• [Work required] The records below are to be reproduced exactly, with every picture left out.

::::::

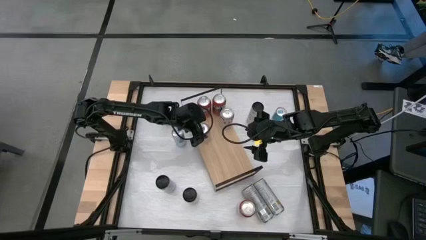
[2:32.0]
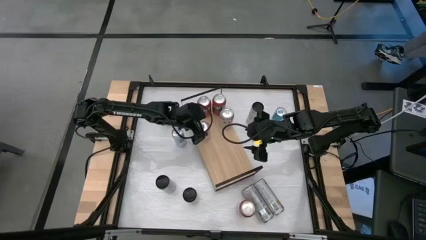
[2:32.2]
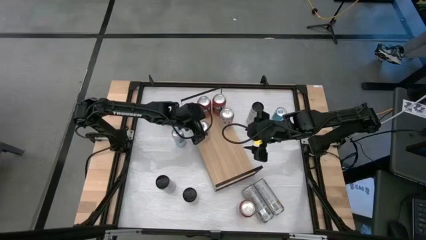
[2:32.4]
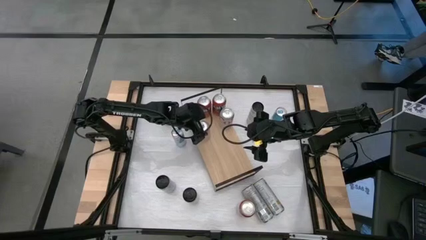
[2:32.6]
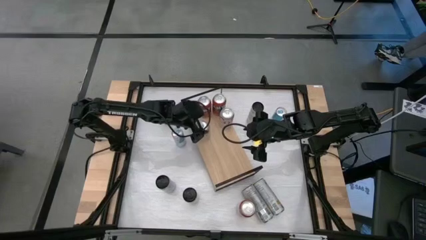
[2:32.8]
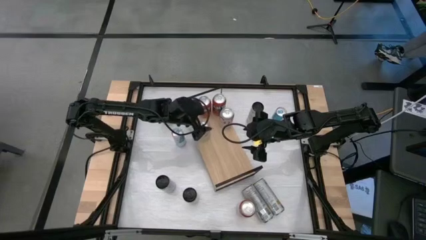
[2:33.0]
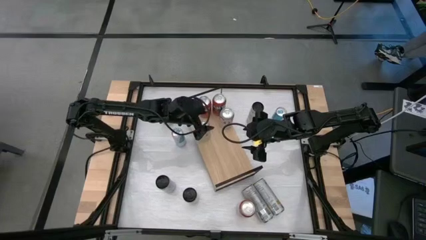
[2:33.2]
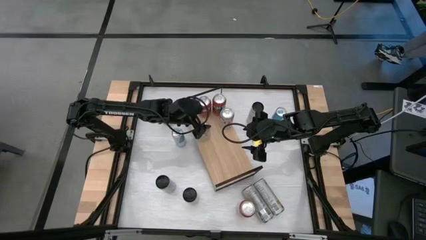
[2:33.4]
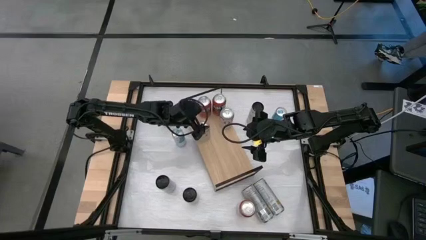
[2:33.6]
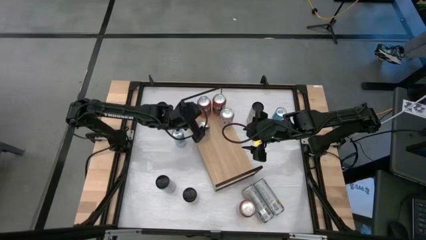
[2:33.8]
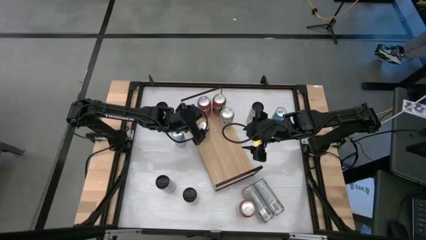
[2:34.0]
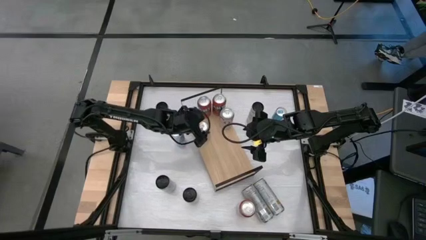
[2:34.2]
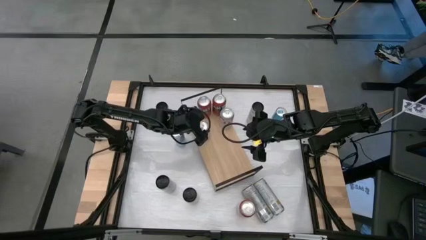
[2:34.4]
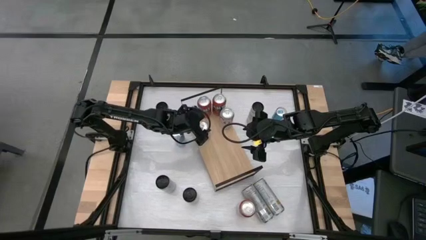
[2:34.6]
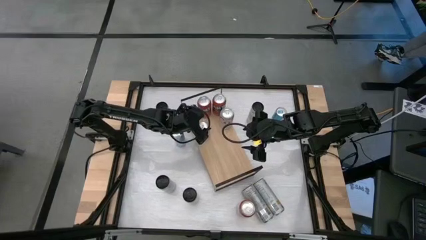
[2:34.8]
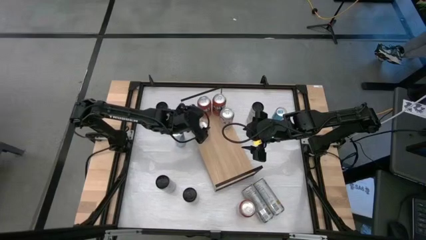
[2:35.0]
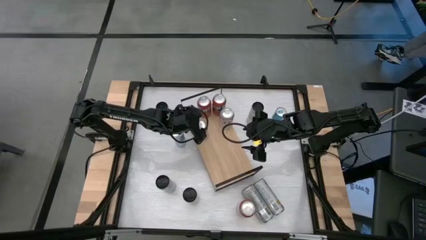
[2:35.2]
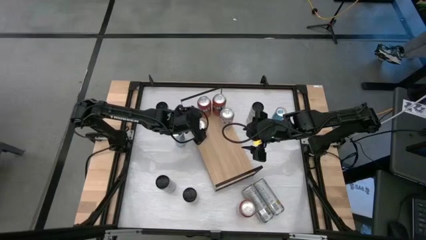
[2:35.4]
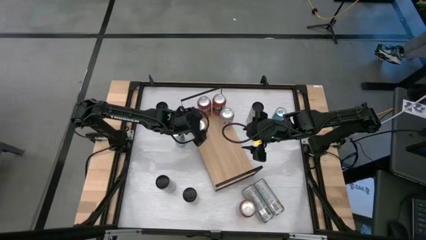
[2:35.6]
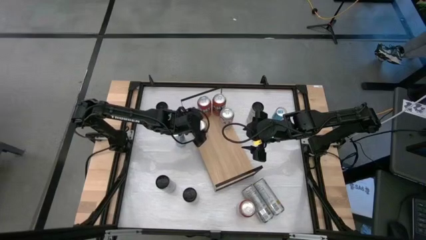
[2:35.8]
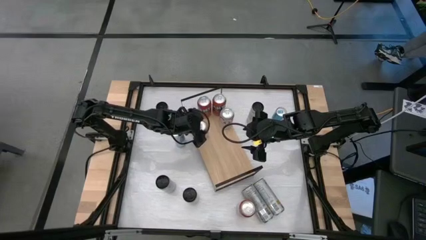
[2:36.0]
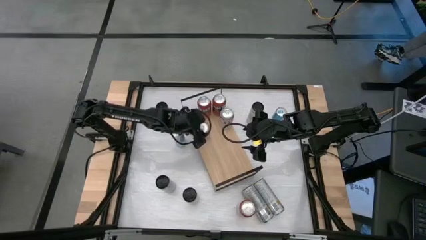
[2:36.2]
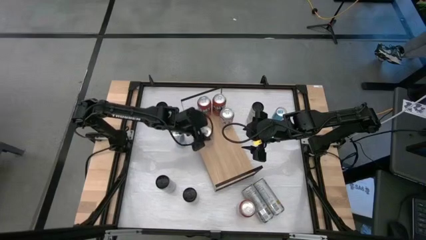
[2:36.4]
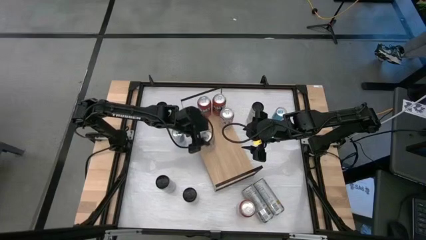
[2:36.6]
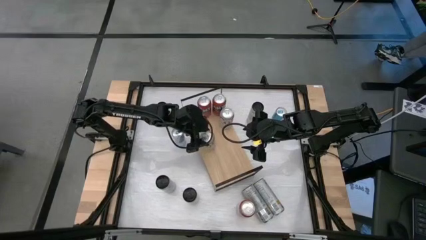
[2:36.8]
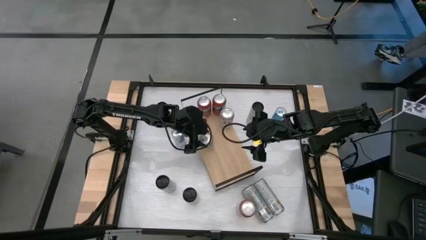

::::::

• [Response box]
[2:32.0]
[2:32.2]
[2:32.4]
[2:32.6]
[2:32.8]
[2:33.0]
[2:33.2]
[2:33.4]
[2:33.6]
[2:33.8]
[2:34.0]
[2:34.2]
[2:34.4]
[2:34.6]
[2:34.8]
[2:35.0]
[2:35.2]
[2:35.4]
[2:35.6]
[2:35.8]
[2:36.0]
[2:36.2]
[2:36.4]
[2:36.6]
[2:36.8]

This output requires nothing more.